The data has been de-identified. Information on age has been coded into bins or ranges (18-29, 30-49, 50+) and information on gender has been set as a binary variable (0, 1).
‘20230505_vaccinated_per_day.csv’ depicts the demand for COVID-19 vaccines in the Chaco province from February 2021 to December 2022. It records the daily total of COVID-19 vaccine doses delivered during this period in Chaco. These data were sourced from Nomivac, a comprehensive dataset of all COVID-19 vaccinations nationwide.
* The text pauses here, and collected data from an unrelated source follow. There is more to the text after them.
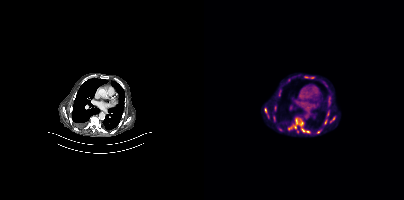
Coordinates are on the 200×200 PET (right) panel. (showing 10 of 11 foci) PSMA-avid tumor lesion bounding boxes (x0,y0,x1,y1): [84,118,100,131]; [60,107,65,118]; [124,95,127,100]; [70,106,72,110]; [69,116,71,120]; [126,117,130,122]; [120,120,122,124]. Small PSMA-avid foci (2 to 4 px across) near (center x, center y): (75, 91); (123, 113); (103, 131).
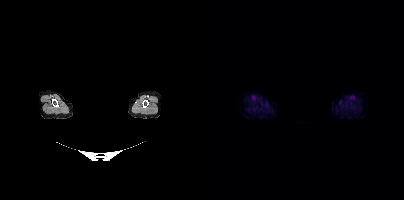
{"modality":"PSMA PET/CT","view":"axial","tracer":"18F","pet_grid":[200,200],"coord_frame":"pet_panel","coord_format":"x0,y0,x1,y1","psma_avid_lesions":false,"de-identification":"head region blacked out before release"}
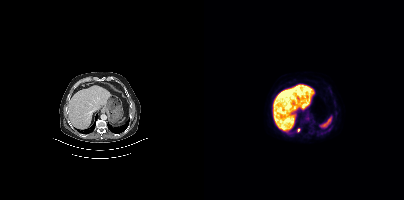
Coordinates are on the 200×200 PET (right) panel. Small PSMA-avid focus (2 to 4 px across) near (center x, center y): (94, 130).
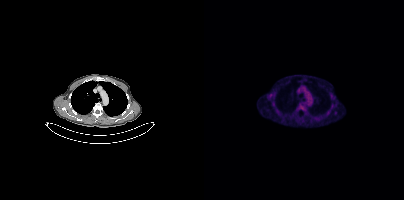
{"modality":"PSMA PET/CT","view":"axial","tracer":"18F","pet_grid":[200,200],"coord_frame":"pet_panel","coord_format":"x0,y0,x1,y1","psma_avid_lesions":false}
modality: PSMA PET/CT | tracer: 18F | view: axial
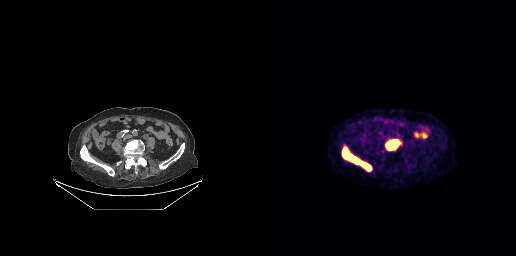
Coordinates are on the 256×256 PET (right) panel. PSMA-avid tumor lesion bounding boxes (x, y, width, height): x=82 y=147 w=30 h=25; x=125 y=139 w=17 h=12.
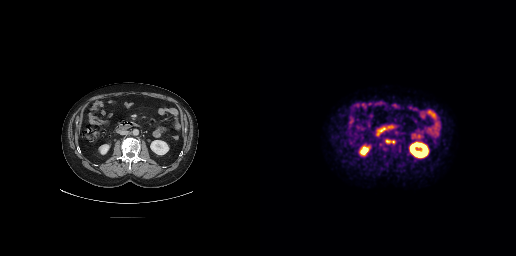
- Paired axial CT (left) and PSMA PET (right), [18F]PSMA-1007 tracer
- acquired on GE Discovery 690
Findings: Coordinates are on the 256×256 PET (right) panel. PSMA-avid tumor lesion bounding box (x, y, width, height): x=125 y=139 w=10 h=5.
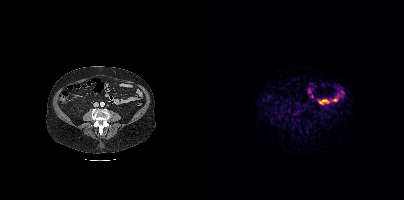
{"pet_grid":[200,200],"coord_frame":"pet_panel","coord_format":"x0,y0,x1,y1","psma_avid_lesions":false,"modality":"PSMA PET/CT","view":"axial","tracer":"[68Ga]Ga-PSMA-11"}
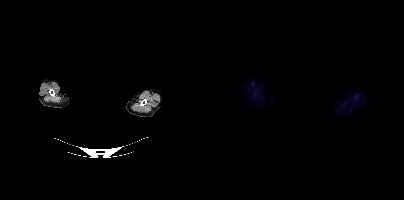
The face region was removed for patient privacy by blanking a rectangle over the head.
No PSMA-avid tumor lesions on this slice.
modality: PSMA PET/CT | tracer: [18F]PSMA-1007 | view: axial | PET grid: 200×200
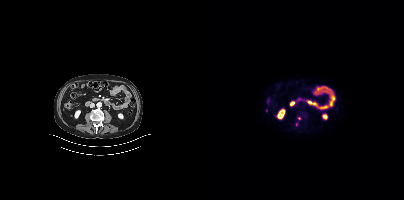
Coordinates are on the 200×200 PET (right) panel. (showing 2 of 3 foci) Small PSMA-avid foci (2 to 4 px across) near (center x, center y): (62, 110) | (92, 124).
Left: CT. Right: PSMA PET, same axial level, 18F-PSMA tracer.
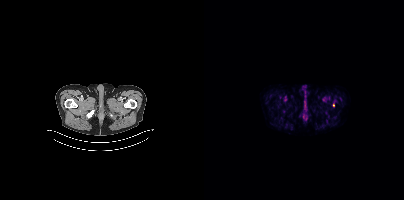
Coordinates are on the 200×200 PET (right) panel. Small PSMA-avid focus (2 to 4 px across) near (center x, center y): (129, 104).
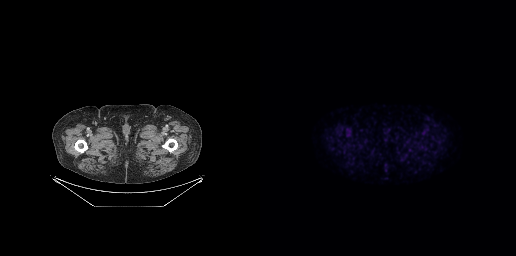
Technique: Paired axial CT (left) and PSMA PET (right), 18F-PSMA tracer. slice position z = -862 mm. PET panel 256×256 px (2.7 mm/px).
Findings: No PSMA-avid tumor lesions on this slice.
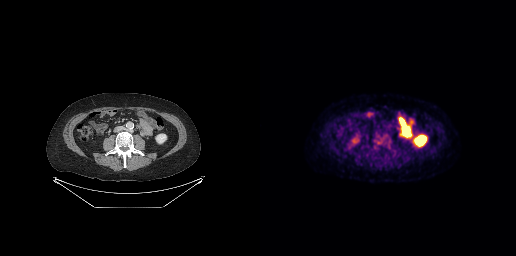
{"pet_grid":[256,256],"coord_frame":"pet_panel","coord_format":"x0,y0,x1,y1","psma_avid_lesions":false,"modality":"PSMA PET/CT","view":"axial","tracer":"[18F]PSMA-1007"}
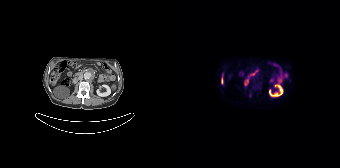
Coordinates are on the 168×168 PET (right) panel. Small PSMA-avid focus (2 to 4 px across) near (center x, center y): (78, 94).
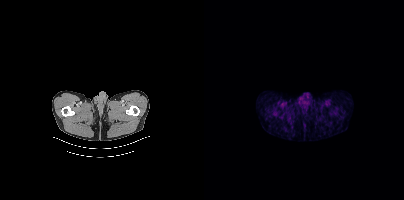
This slice has no annotated PSMA-avid lesion.

Description of the data and file structure
1. File “brown2024_analysis_data.rds”
- randomisation_allocation_name: Name of treatment group
- current_dose: Number of doses of COVID-19 vaccine received
- next_dose: Number of next dose of COVID-19 to be received
- random_number_date: Date of message delivery, assigned at random to individuals in the control group. See materials and methods for details
- outcome_latest_date: Date of most recent dose of COVID-19 vaccine received
- dose_X_date: Date of X dose of COVID-19 vaccination
- vaccinated_message_sent: Whether a message was successfully delivered to the individual
- session_current_level: Level of the message flow where the user stopped interacting with the chatbot
- session_current_branch: Branch within the level of the message flow where the user stopped interacting with the chatbot
- session_selected_hc: Option number chosen by the user when asked to select a health centre, out of a list of a maximum of 9 options
- session_reminder_date: The date for which the reminder message was programmed
- session_reminder_time: Time of day chosen by the user to get vaccinated
- session_initial_response: Users’ answer to the initial message sent by the chatbot
- session_reminder_sent: Whether a reminder message was successfully sent to the user
- history_message_code: Type of initial message sent to the user (“control” is the one-way message; “inicial” is the chatbot’s first message)
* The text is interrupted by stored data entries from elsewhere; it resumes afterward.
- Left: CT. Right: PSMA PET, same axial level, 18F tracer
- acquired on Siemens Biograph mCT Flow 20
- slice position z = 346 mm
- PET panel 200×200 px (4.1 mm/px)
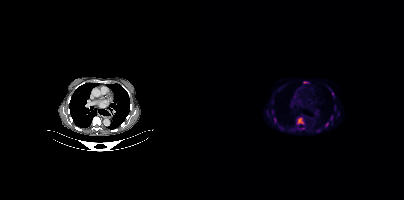
Findings: Coordinates are on the 200×200 PET (right) panel. (showing 6 of 7 foci) PSMA-avid tumor lesion bounding boxes (x0,y0,x1,y1): [93,117,99,124]; [99,81,104,83]; [70,117,72,121]. Small PSMA-avid foci (2 to 4 px across) near (center x, center y): (128, 93); (122, 125); (127, 117).
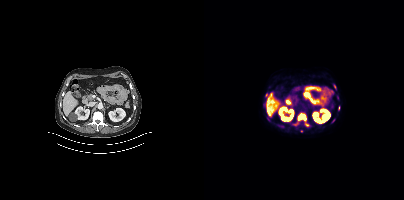
Two-panel axial: CT | PSMA PET, 18F tracer. Slice 206 of 429. PET panel 200×200 px (4.1 mm/px).
Coordinates are on the 200×200 PET (right) panel. PSMA-avid tumor lesion bounding boxes (partial; 2 more foci not listed):
| # | x0 | y0 | x1 | y1 |
|---|---|---|---|---|
| 1 | 93 | 114 | 102 | 121 |
Small PSMA-avid foci (2 to 4 px across) near (center x, center y): (102, 124); (130, 86); (129, 120); (62, 95).
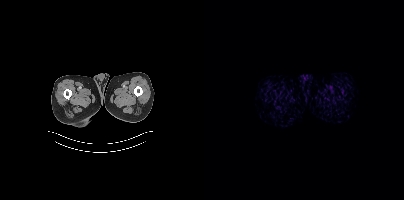
Technique: Two-panel axial: CT | PSMA PET, 18F tracer. acquired on Siemens Biograph mCT Flow 20. PET panel 200×200 px (4.1 mm/px).
Findings: No PSMA-avid tumor lesions on this slice.
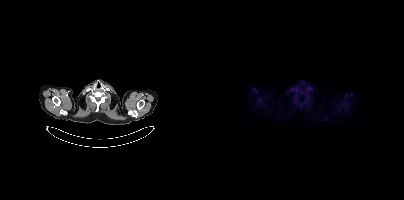
{"pet_grid":[200,200],"coord_frame":"pet_panel","coord_format":"x0,y0,x1,y1","psma_avid_lesions":false,"modality":"PSMA PET/CT","view":"axial","tracer":"18F-PSMA"}
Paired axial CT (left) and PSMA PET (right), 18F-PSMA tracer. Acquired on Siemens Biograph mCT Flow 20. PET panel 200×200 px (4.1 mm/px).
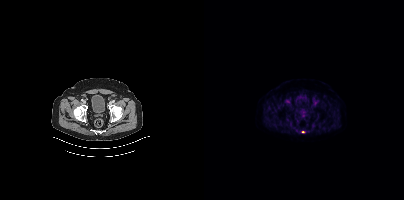
Coordinates are on the 200×200 PET (right) panel. PSMA-avid tumor lesion bounding boxes:
| # | x0 | y0 | x1 | y1 |
|---|---|---|---|---|
| 1 | 97 | 131 | 101 | 133 |
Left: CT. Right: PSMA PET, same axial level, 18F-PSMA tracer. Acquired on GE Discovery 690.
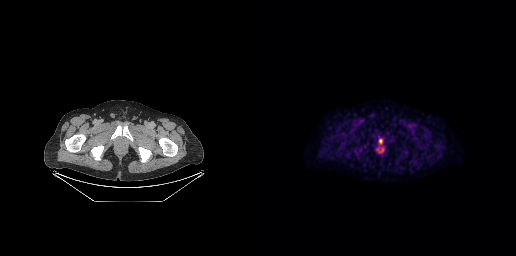
Only PSMA-avid lesion pieces thinner than 2 px on this slice (not listed).
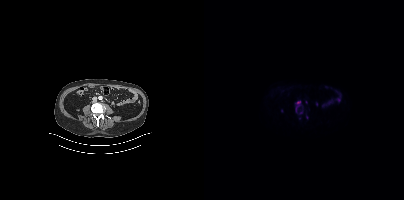
Coordinates are on the 200×200 PET (right) panel. PSMA-avid tumor lesion bounding boxes (x0,y0,x1,y1): [92,101,96,104], [95,110,98,114].
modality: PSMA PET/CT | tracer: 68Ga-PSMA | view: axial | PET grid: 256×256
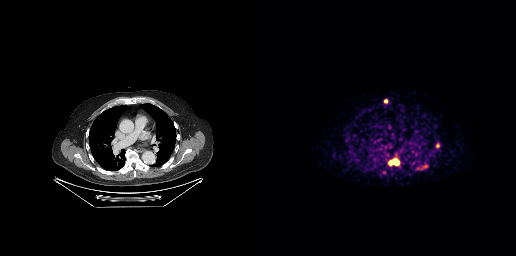
Coordinates are on the 256×256 PET (right) panel. PSMA-avid tumor lesion bounding box (x0, y0)-(x1, y1): (128, 158)-(139, 165). Small PSMA-avid foci (2 to 4 px across) near (center x, center y): (177, 145) / (125, 101).
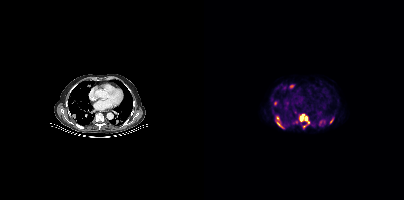
{"pet_grid":[200,200],"coord_frame":"pet_panel","coord_format":"x0,y0,x1,y1","partial":true,"lesion_bboxes":[[96,114,105,123],[72,116,80,128],[85,84,90,88],[70,101,73,105],[99,124,103,127],[126,119,129,123],[89,121,93,123]],"small_foci_centers":[[116,122],[80,87]],"modality":"PSMA PET/CT","view":"axial","tracer":"18F"}
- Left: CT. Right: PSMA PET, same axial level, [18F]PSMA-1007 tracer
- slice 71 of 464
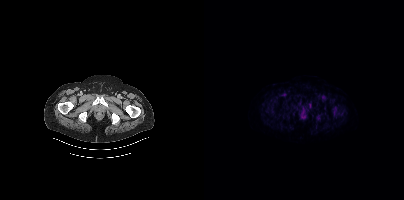
Findings: Coordinates are on the 200×200 PET (right) panel. (showing 5 of 7 foci) PSMA-avid tumor lesion bounding box (x0,y0,x1,y1): [113,116,117,120]. Small PSMA-avid foci (2 to 4 px across) near (center x, center y): (137, 112), (131, 113), (83, 116), (99, 110).
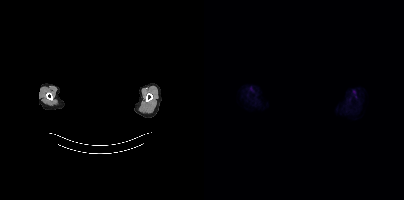
Paired axial CT (left) and PSMA PET (right), 18F-PSMA tracer. Acquired on Siemens Biograph mCT Flow 20. PET panel 200×200 px (4.1 mm/px). A rectangular block over the head has been blanked out for de-identification. No PSMA-avid tumor lesions on this slice.
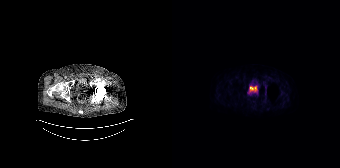
No PSMA-avid tumor lesions on this slice.

- history_created: Timestamp of the first message successfully delivered to the user
- history_timestamp_read: Timestamp of the first message read by the user
- message_date: This variable is used to indicate the date that each individual entered the trial. For individuals in the chatbot and one-way message reminder groups, it is the date that the message was sent. For the control group, this is the date that we randomly pre-assigned each participant to enter the trial (random_number_date). See materials and methods for details
- had_new_dose: Participant received an additional dose of the COVID-19 vaccine after being randomly assigned to the treatment arm
- had_new_dose_after_message: Participant received a vaccine within 4 weeks of entering the trial
- had_new_dose_after_message_2w: Participant received a vaccine within 2 weeks of entering the trial
- had_new_dose_after_message_6w: Participant received a vaccine within 6 weeks of entering the trial
- n_doses_after_entering_trial: Number of doses within four weeks of entering the trial
- primary_outcome: had_new_dose as a factor variable
- age: Age range of participant
- gender_numeric: Gender of the participant, coded as 1 or 0 for de-identification purposes
- period_since_last_dose: Length of time between the first value of message_date in the whole sample and the last dose date before trial
2. File “20230505_vaccinated_per_day.csv”
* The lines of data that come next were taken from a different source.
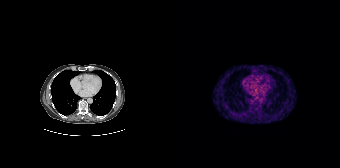
{"modality":"PSMA PET/CT","view":"axial","tracer":"68Ga","pet_grid":[168,168],"coord_frame":"pet_panel","coord_format":"x0,y0,x1,y1","psma_avid_lesions":false}
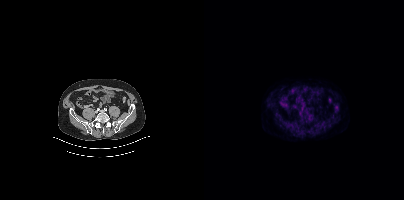
This slice has no annotated PSMA-avid lesion. Two-panel axial: CT | PSMA PET, [18F]PSMA-1007 tracer. Acquired on Siemens Biograph mCT Flow 20. Slice position z = -666 mm. PET panel 200×200 px (4.1 mm/px).
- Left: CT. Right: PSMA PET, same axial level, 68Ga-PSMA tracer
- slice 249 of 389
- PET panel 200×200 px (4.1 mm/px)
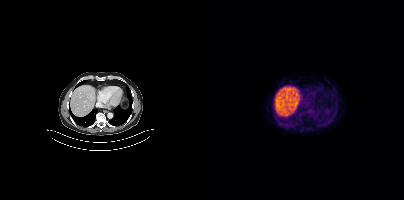
Findings: This slice has no annotated PSMA-avid lesion.
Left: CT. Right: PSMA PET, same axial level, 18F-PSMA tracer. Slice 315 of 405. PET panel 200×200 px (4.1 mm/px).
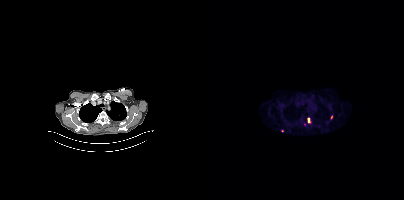
Coordinates are on the 200×200 PET (right) panel. PSMA-avid tumor lesion bounding box (x, y, width, height): x=104 y=118 w=2 h=5. Small PSMA-avid foci (2 to 4 px across) near (center x, center y): (127, 117) | (100, 124) | (78, 130) | (97, 118).
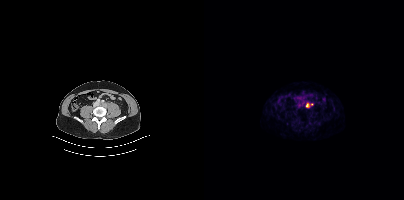
Coordinates are on the 200×200 PET (right) panel. PSMA-avid tumor lesion bounding box (x0,y0,x1,y1): [102,103,105,107]. Small PSMA-avid focus (2 to 4 px across) near (center x, center y): (108, 104).
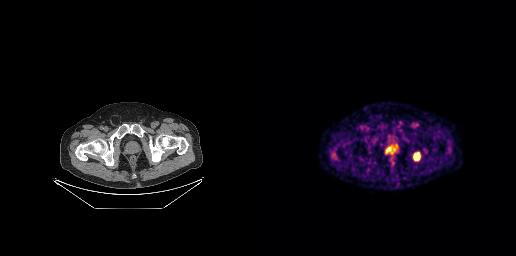
Coordinates are on the 256×256 PET (right) panel. PSMA-avid tumor lesion bounding box (x0, y0)-(x1, y1): (154, 152)-(159, 160).
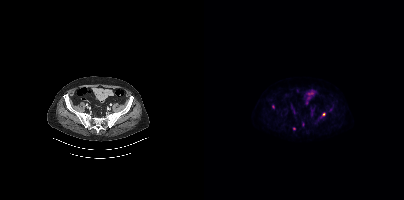
Technique: Paired axial CT (left) and PSMA PET (right), 18F tracer. slice position z = -1346 mm.
Findings: Coordinates are on the 200×200 PET (right) panel. (showing 3 of 4 foci) PSMA-avid tumor lesion bounding box (x, y, width, height): x=98 y=122 w=3 h=5. Small PSMA-avid foci (2 to 4 px across) near (center x, center y): (69, 106) / (119, 114).
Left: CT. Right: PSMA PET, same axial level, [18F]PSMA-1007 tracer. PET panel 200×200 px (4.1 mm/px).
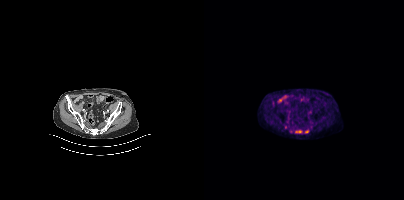
Coordinates are on the 200×200 PET (right) panel. Small PSMA-avid focus (2 to 4 px across) near (center x, center y): (81, 127).
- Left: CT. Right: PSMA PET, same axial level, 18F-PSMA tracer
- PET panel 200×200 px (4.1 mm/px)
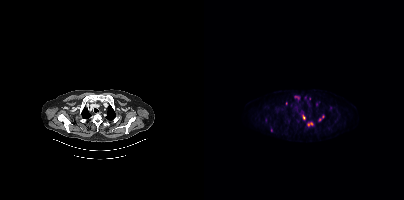
Findings: Coordinates are on the 200×200 PET (right) panel. (showing 7 of 9 foci) PSMA-avid tumor lesion bounding boxes (x, y, width, height): x=115 y=116 w=5 h=6; x=104 y=123 w=5 h=3; x=112 y=102 w=2 h=5; x=99 y=114 w=2 h=5. Small PSMA-avid foci (2 to 4 px across) near (center x, center y): (92, 97); (127, 107); (105, 98).
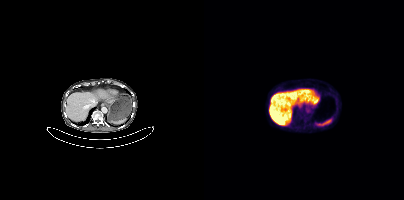
{"modality":"PSMA PET/CT","view":"axial","tracer":"18F","pet_grid":[200,200],"coord_frame":"pet_panel","coord_format":"x0,y0,x1,y1","psma_avid_lesions":false}
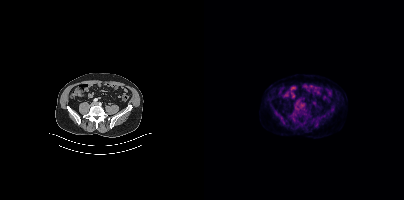
Technique: Left: CT. Right: PSMA PET, same axial level, 18F-PSMA tracer. acquired on Siemens Biograph mCT Flow 20. slice position z = -1434 mm.
Findings: No PSMA-avid tumor lesions on this slice.
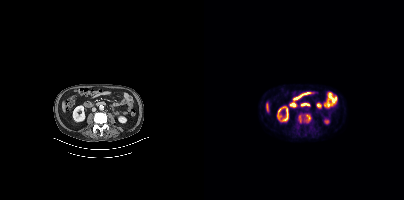
{"modality":"PSMA PET/CT","view":"axial","tracer":"[18F]PSMA-1007","pet_grid":[200,200],"coord_frame":"pet_panel","coord_format":"x0,y0,x1,y1","lesion_bboxes":[[100,114,107,122],[94,115,97,122]]}
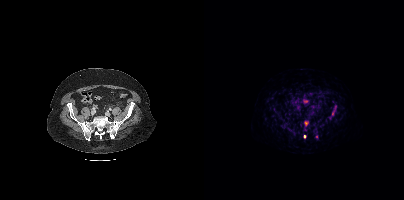
Coordinates are on the 200×200 PET (right) panel. PSMA-avid tumor lesion bounding box (x, y, width, height): x=128 y=106 w=5 h=10. Small PSMA-avid foci (2 to 4 px across) near (center x, center y): (100, 136); (102, 123).

- delivery_date: Date of vaccination
- count: Total number of residents of Chaco province who received a COVID-19 dose on a given day
This is administrative data collected by Argentina's Ministry of Health. It encompasses four constituent datasets: three phone number databases and Nomivac (briefly explained in the Data Sources section of the Materials and Methods). The data has been anonymized for public availability and processed to generate variables suitable for regression analysis.